The game itself is pretty similar to past versions.  There’s some new controller configurations for both hitting and fielding that I personally have no use for.  I stick with meter pitching and zone batting, and it’s plenty hard enough as is.  Hitting is particularly challenging and takes a lot of practice, especially if you’re like me and haven’t played a baseball game in a couple of years.  I’ve only used franchise mode, exhibition, and practice.  I assume Road to the Show is pretty much unchanged.  Franchise mode has actually been simplified to a certain extent when it comes to ballpark upkeep, but roster management has become more complex.  The added complexity makes the game more authentic, but just be careful when using the “Auto” function when it comes to roster moves.  Sometimes it’s tempting to let the CPU auto-fill your Double A or Triple A lineup but sometimes it takes way too many liberties and makes changes to the MLB roster, which can be unwelcome.  I made the mistake of simming Spring Training in one year of my franchise and found my roster turned into a disaster by the AI management.

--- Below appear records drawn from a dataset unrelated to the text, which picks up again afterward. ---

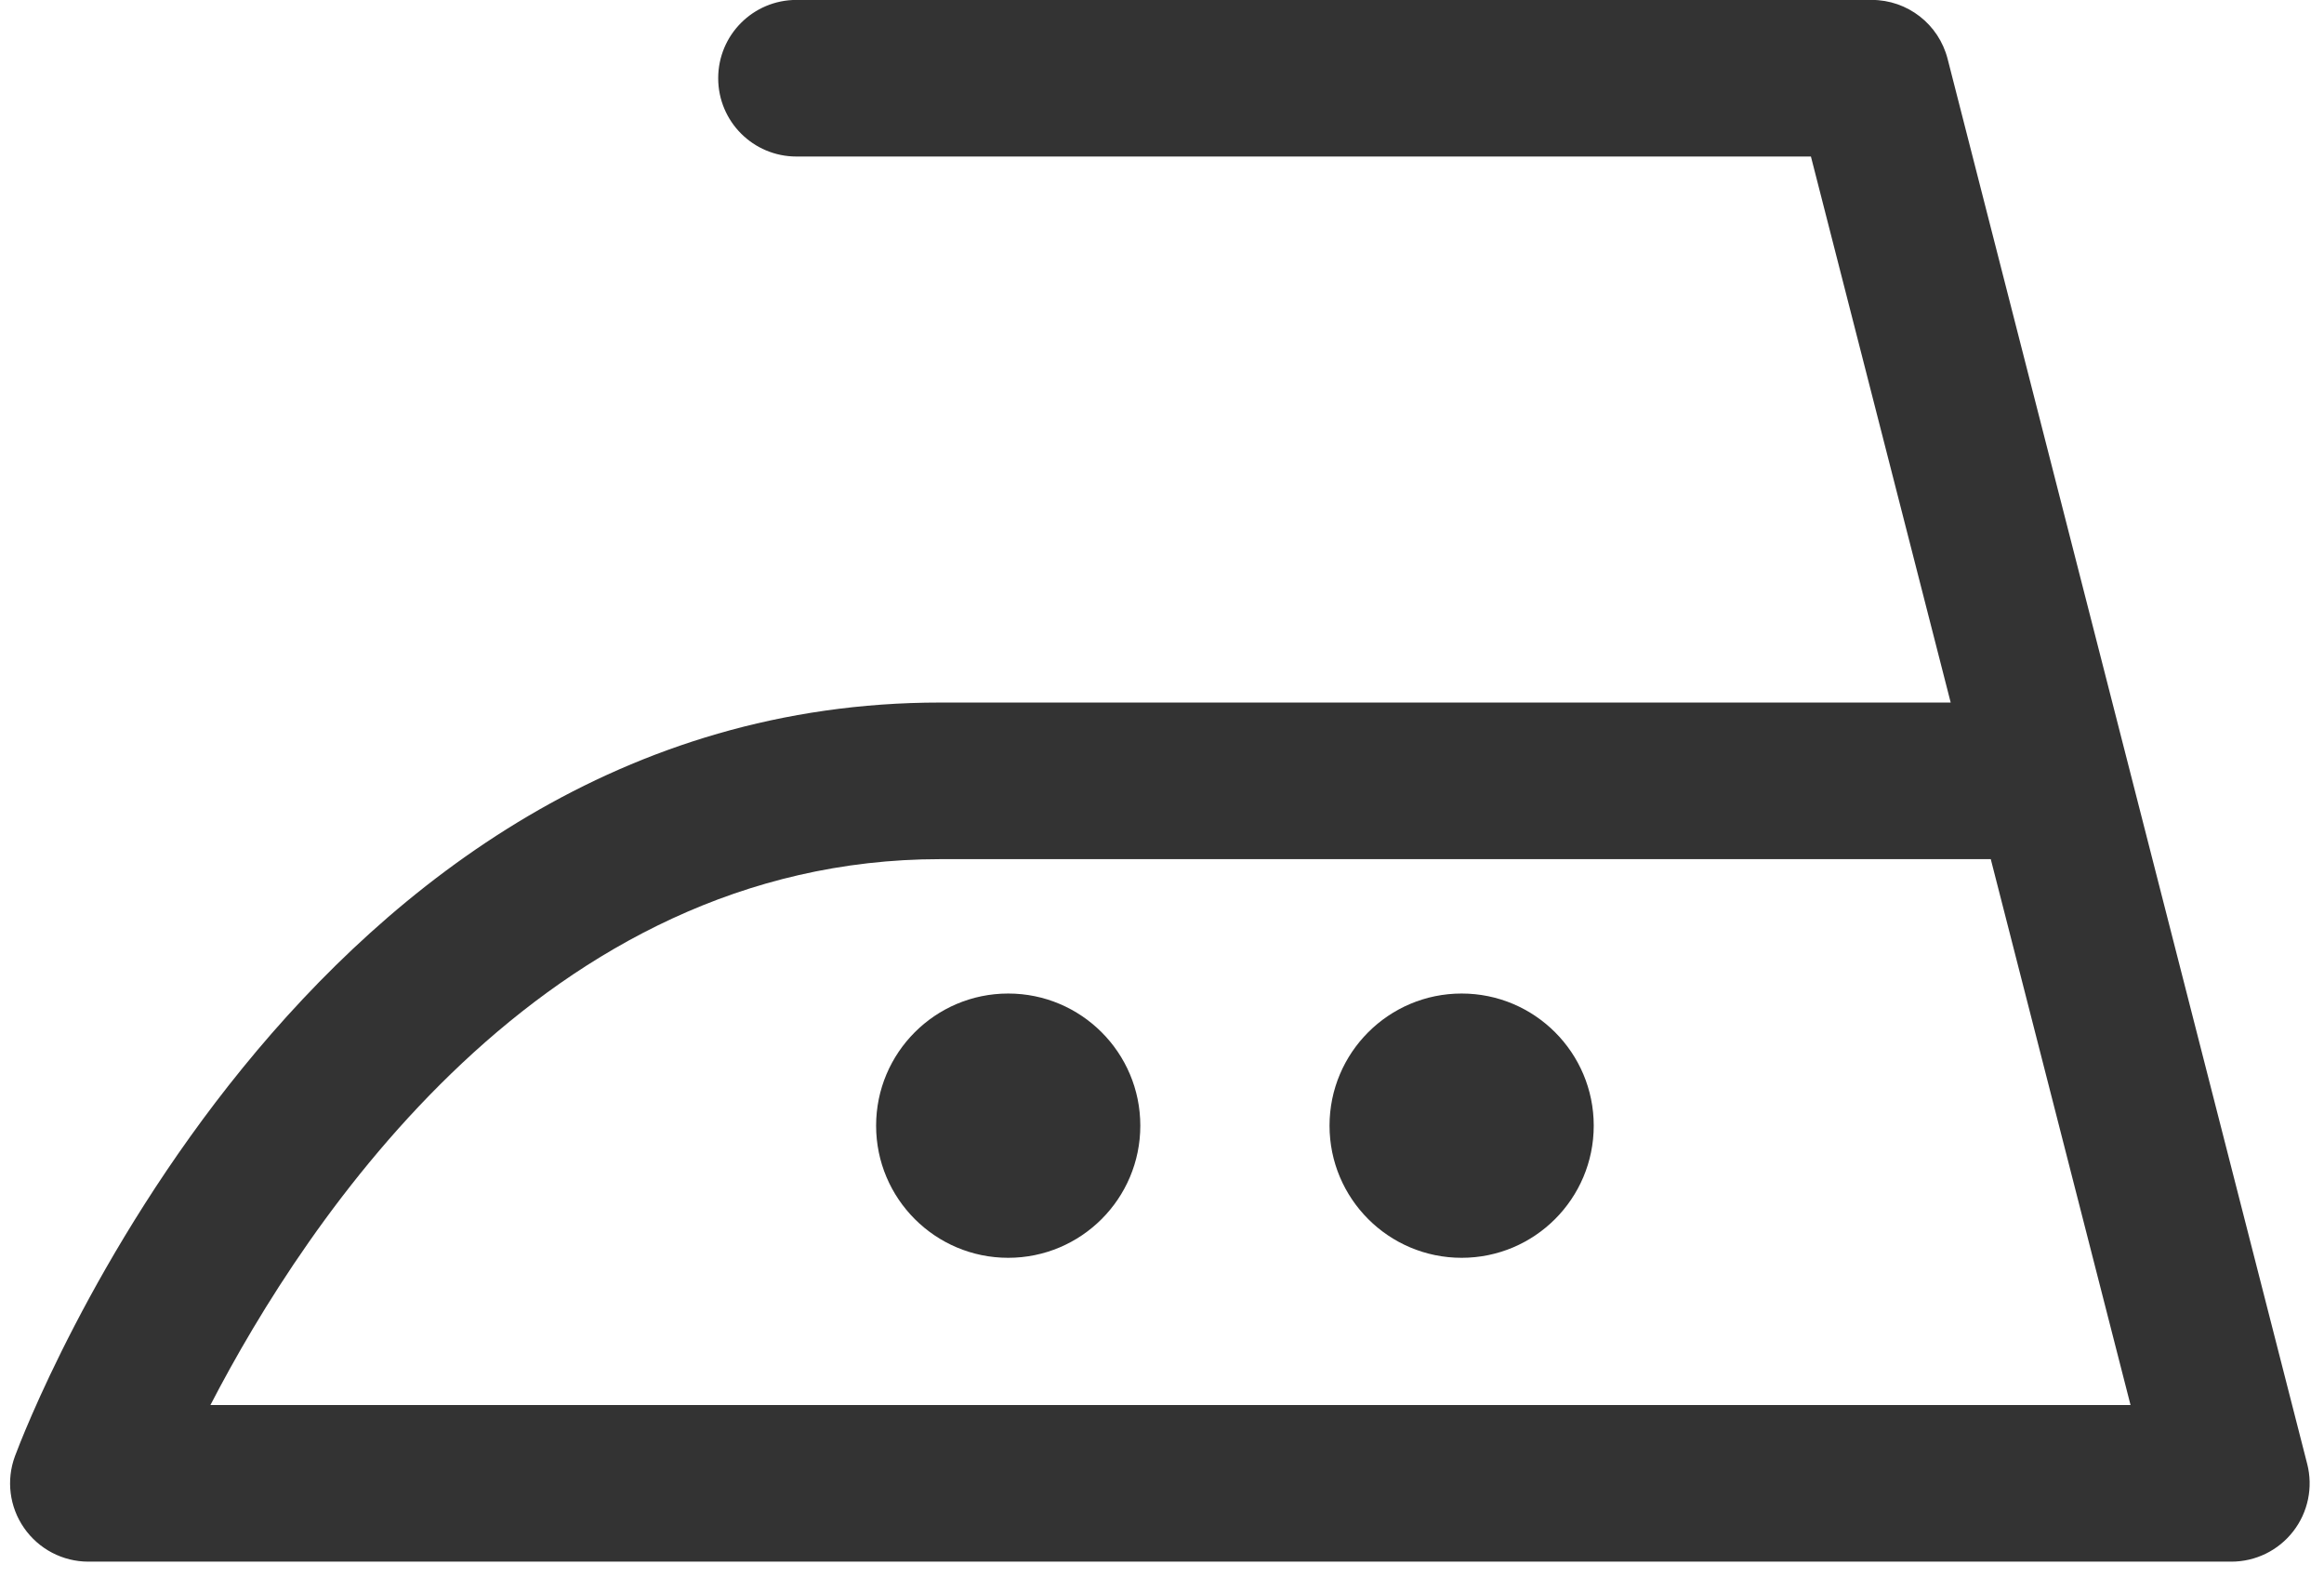 <?xml version="1.0" encoding="UTF-8"?>
<svg width="57px" height="39px" viewBox="0 0 57 39" version="1.1" xmlns="http://www.w3.org/2000/svg" xmlns:xlink="http://www.w3.org/1999/xlink">
    <title>Group</title>
    <g id="Page-1" stroke="none" stroke-width="1" fill="none" fill-rule="evenodd">
        <g id="Group" transform="translate(0.247, -0.003)" fill="#333333" fill-rule="nonzero">
            <path d="M27.721,27.604 C27.721,25.815 26.27,24.364 24.481,24.364 C22.692,24.364 21.241,25.815 21.241,27.604 C21.241,29.393 22.692,30.844 24.481,30.844 C26.27,30.844 27.721,29.393 27.721,27.604" id="path1310" transform="translate(24.481, 27.604) scale(-1, 1) rotate(-180) translate(-24.481, -27.604)"></path>
            <path d="M38.842,27.604 C38.842,25.815 37.392,24.364 35.602,24.364 C33.813,24.364 32.362,25.815 32.362,27.604 C32.362,29.393 33.813,30.844 35.602,30.844 C37.392,30.844 38.842,29.393 38.842,27.604" id="path1312" transform="translate(35.602, 27.604) scale(-1, 1) rotate(-180) translate(-35.602, -27.604)"></path>
            <path d="M4.914,3.84 L52.008,3.84 L48.58,17.225 L22.816,17.225 C13.084,17.225 7.256,8.363 4.914,3.84 Z M54.481,0 L1.921,0 C1.293,0 0.704,0.307 0.344,0.825 C-0.015,1.34 -0.099,2 0.121,2.589 C0.402,3.343 7.173,21.065 22.816,21.065 L47.597,21.065 L44.169,34.453 L19.288,34.453 C18.226,34.453 17.368,35.312 17.368,36.373 C17.368,37.435 18.226,38.293 19.288,38.293 L45.66,38.293 C46.538,38.293 47.302,37.699 47.521,36.849 L56.341,2.396 C56.488,1.823 56.362,1.211 55.998,0.743 C55.634,0.273 55.074,0 54.481,0" id="path1314" transform="translate(28.2, 19.147) scale(-1, 1) rotate(-180) translate(-28.2, -19.147)"></path>
        </g>
    </g>
</svg>

Uploading to the cloud (or downloading from it) is about as simple as this image makes it look.

I hear online still sucks, but I haven’t tried it myself since I’d just get thrashed.  Online being laggy and unplayable is unfortunately nothing new for this series.  It’s borderline criminal that they haven’t been able to fix it over the years, but I guess it’s on us at this point.  I mentioned in my last post that Sony also chose to knock 20 bucks off the price of the Vita version if bought alongside the PS3 one.  This makes sense since Sony wants people to experience the cross-platform play.  It still means it will set you back 80 bucks for the full MLB experience.

Is the novelty of being able to bring the console experience to the road worth the price?  Depends on how much you like baseball, I suppose.  I really like baseball, though even I have to admit this is probably a one-time thing for me.  It’s a cool thing to have, and the game runs well enough on the Vita to not diminish the experience much, but it’s still 20 bucks just to play your franchise or other single player mode on the go.  Though now that I think about, 20 bucks for a full-fledged portable baseball game isn’t really that bad.  I guess everything depends on your outlook!